» **INSTRUCTIONS TO FOLLOW**
Transcribe the records word for word. Leave every picture out.

[Excerpts from a dataset]
= = =

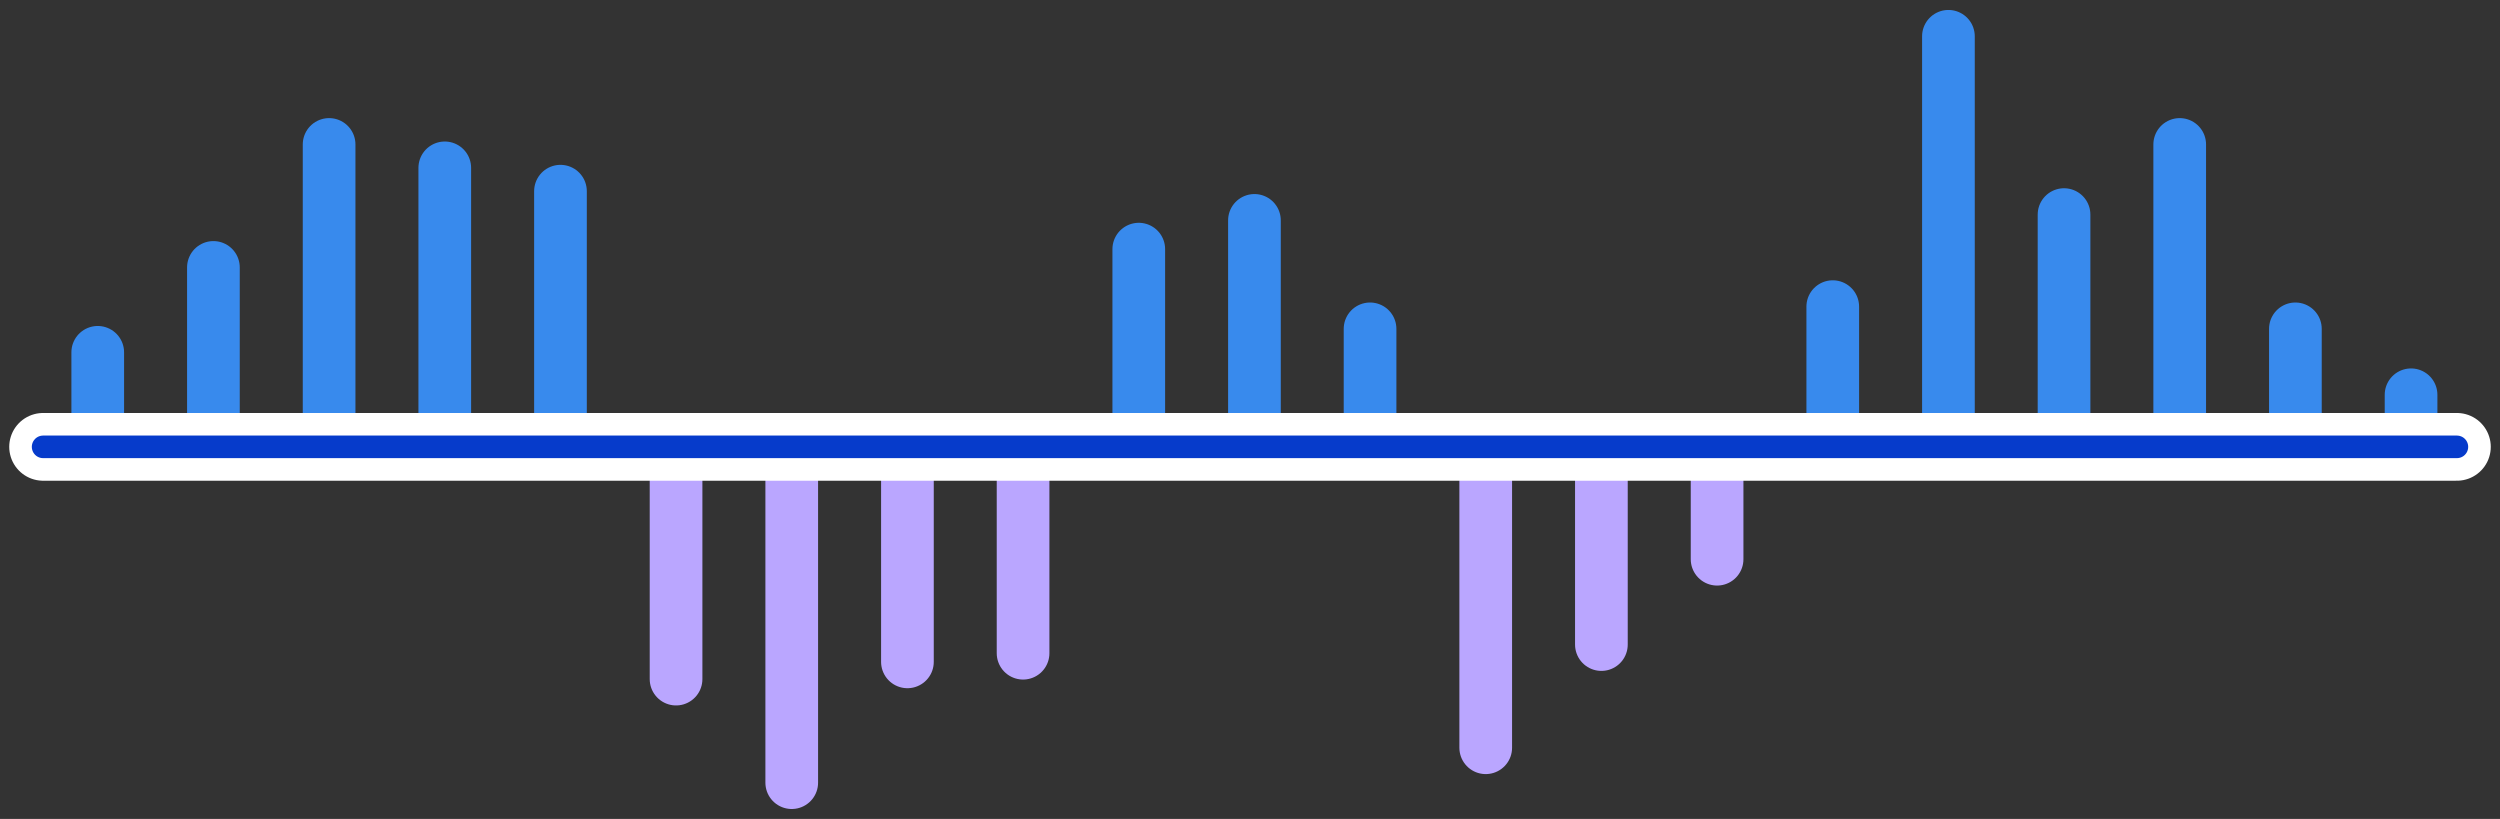 <svg width="232" height="76" viewBox="0 0 232 76" fill="none" xmlns="http://www.w3.org/2000/svg">
<rect x="0" y="0" width="232" height="76" fill="#333333" stroke="none"/>
<path d="M9.07 32.695V40.574" stroke="#388AED" stroke-width="4.889" stroke-miterlimit="10" stroke-linecap="round"/>
<path d="M19.805 24.817V40.574" stroke="#388AED" stroke-width="4.889" stroke-miterlimit="10" stroke-linecap="round"/>
<path d="M30.541 13.405V40.574" stroke="#388AED" stroke-width="4.889" stroke-miterlimit="10" stroke-linecap="round"/>
<path d="M41.275 15.577V40.574" stroke="#388AED" stroke-width="4.889" stroke-miterlimit="10" stroke-linecap="round"/>
<path d="M52.012 17.742V40.574" stroke="#388AED" stroke-width="4.889" stroke-miterlimit="10" stroke-linecap="round"/>
<path d="M105.678 23.12V40.574" stroke="#388AED" stroke-width="4.889" stroke-miterlimit="10" stroke-linecap="round"/>
<path d="M116.412 20.452V40.574" stroke="#388AED" stroke-width="4.889" stroke-miterlimit="10" stroke-linecap="round"/>
<path d="M127.141 30.517V40.574" stroke="#388AED" stroke-width="4.889" stroke-miterlimit="10" stroke-linecap="round"/>
<path d="M170.08 28.456V40.574" stroke="#388AED" stroke-width="4.889" stroke-miterlimit="10" stroke-linecap="round"/>
<path d="M180.814 3.368V40.574" stroke="#388AED" stroke-width="4.889" stroke-miterlimit="10" stroke-linecap="round"/>
<path d="M191.543 19.914V40.574" stroke="#388AED" stroke-width="4.889" stroke-miterlimit="10" stroke-linecap="round"/>
<path d="M202.277 13.405V40.574" stroke="#388AED" stroke-width="4.889" stroke-miterlimit="10" stroke-linecap="round"/>
<path d="M213.012 30.517V40.574" stroke="#388AED" stroke-width="4.889" stroke-miterlimit="10" stroke-linecap="round"/>
<path d="M223.746 36.635V40.574" stroke="#388AED" stroke-width="4.889" stroke-miterlimit="10" stroke-linecap="round"/>
<path d="M62.738 63.021V42.361" stroke="#BAA6FF" stroke-width="4.889" stroke-miterlimit="10" stroke-linecap="round"/>
<path d="M73.473 72.631V42.361" stroke="#BAA6FF" stroke-width="4.889" stroke-miterlimit="10" stroke-linecap="round"/>
<path d="M84.209 61.421V42.361" stroke="#BAA6FF" stroke-width="4.889" stroke-miterlimit="10" stroke-linecap="round"/>
<path d="M94.941 60.618V42.361" stroke="#BAA6FF" stroke-width="4.889" stroke-miterlimit="10" stroke-linecap="round"/>
<path d="M137.875 69.391V42.361" stroke="#BAA6FF" stroke-width="4.889" stroke-miterlimit="10" stroke-linecap="round"/>
<path d="M148.609 59.815V42.361" stroke="#BAA6FF" stroke-width="4.889" stroke-miterlimit="10" stroke-linecap="round"/>
<path d="M159.346 51.895V42.361" stroke="#BAA6FF" stroke-width="4.889" stroke-miterlimit="10" stroke-linecap="round"/>
<path d="M4 41.468H228" stroke="white" stroke-width="6.286" stroke-miterlimit="10" stroke-linecap="round"/>
<path d="M4 41.468H228" stroke="#063BCB" stroke-width="2.095" stroke-miterlimit="10" stroke-linecap="round"/>
</svg>

= = =

» **EXERCISE RESPONSE**
 <svg width="232" height="76" viewBox="0 0 232 76" fill="none" xmlns="http://www.w3.org/2000/svg">
<rect x="0" y="0" width="232" height="76" fill="#333333" stroke="none"/>
<path d="M9.07 32.695V40.574" stroke="#388AED" stroke-width="4.889" stroke-miterlimit="10" stroke-linecap="round"/>
<path d="M19.805 24.817V40.574" stroke="#388AED" stroke-width="4.889" stroke-miterlimit="10" stroke-linecap="round"/>
<path d="M30.541 13.405V40.574" stroke="#388AED" stroke-width="4.889" stroke-miterlimit="10" stroke-linecap="round"/>
<path d="M41.275 15.577V40.574" stroke="#388AED" stroke-width="4.889" stroke-miterlimit="10" stroke-linecap="round"/>
<path d="M52.012 17.742V40.574" stroke="#388AED" stroke-width="4.889" stroke-miterlimit="10" stroke-linecap="round"/>
<path d="M105.678 23.12V40.574" stroke="#388AED" stroke-width="4.889" stroke-miterlimit="10" stroke-linecap="round"/>
<path d="M116.412 20.452V40.574" stroke="#388AED" stroke-width="4.889" stroke-miterlimit="10" stroke-linecap="round"/>
<path d="M127.141 30.517V40.574" stroke="#388AED" stroke-width="4.889" stroke-miterlimit="10" stroke-linecap="round"/>
<path d="M170.08 28.456V40.574" stroke="#388AED" stroke-width="4.889" stroke-miterlimit="10" stroke-linecap="round"/>
<path d="M180.814 3.368V40.574" stroke="#388AED" stroke-width="4.889" stroke-miterlimit="10" stroke-linecap="round"/>
<path d="M191.543 19.914V40.574" stroke="#388AED" stroke-width="4.889" stroke-miterlimit="10" stroke-linecap="round"/>
<path d="M202.277 13.405V40.574" stroke="#388AED" stroke-width="4.889" stroke-miterlimit="10" stroke-linecap="round"/>
<path d="M213.012 30.517V40.574" stroke="#388AED" stroke-width="4.889" stroke-miterlimit="10" stroke-linecap="round"/>
<path d="M223.746 36.635V40.574" stroke="#388AED" stroke-width="4.889" stroke-miterlimit="10" stroke-linecap="round"/>
<path d="M62.738 63.021V42.361" stroke="#BAA6FF" stroke-width="4.889" stroke-miterlimit="10" stroke-linecap="round"/>
<path d="M73.473 72.631V42.361" stroke="#BAA6FF" stroke-width="4.889" stroke-miterlimit="10" stroke-linecap="round"/>
<path d="M84.209 61.421V42.361" stroke="#BAA6FF" stroke-width="4.889" stroke-miterlimit="10" stroke-linecap="round"/>
<path d="M94.941 60.618V42.361" stroke="#BAA6FF" stroke-width="4.889" stroke-miterlimit="10" stroke-linecap="round"/>
<path d="M137.875 69.391V42.361" stroke="#BAA6FF" stroke-width="4.889" stroke-miterlimit="10" stroke-linecap="round"/>
<path d="M148.609 59.815V42.361" stroke="#BAA6FF" stroke-width="4.889" stroke-miterlimit="10" stroke-linecap="round"/>
<path d="M159.346 51.895V42.361" stroke="#BAA6FF" stroke-width="4.889" stroke-miterlimit="10" stroke-linecap="round"/>
<path d="M4 41.468H228" stroke="white" stroke-width="6.286" stroke-miterlimit="10" stroke-linecap="round"/>
<path d="M4 41.468H228" stroke="#063BCB" stroke-width="2.095" stroke-miterlimit="10" stroke-linecap="round"/>
</svg>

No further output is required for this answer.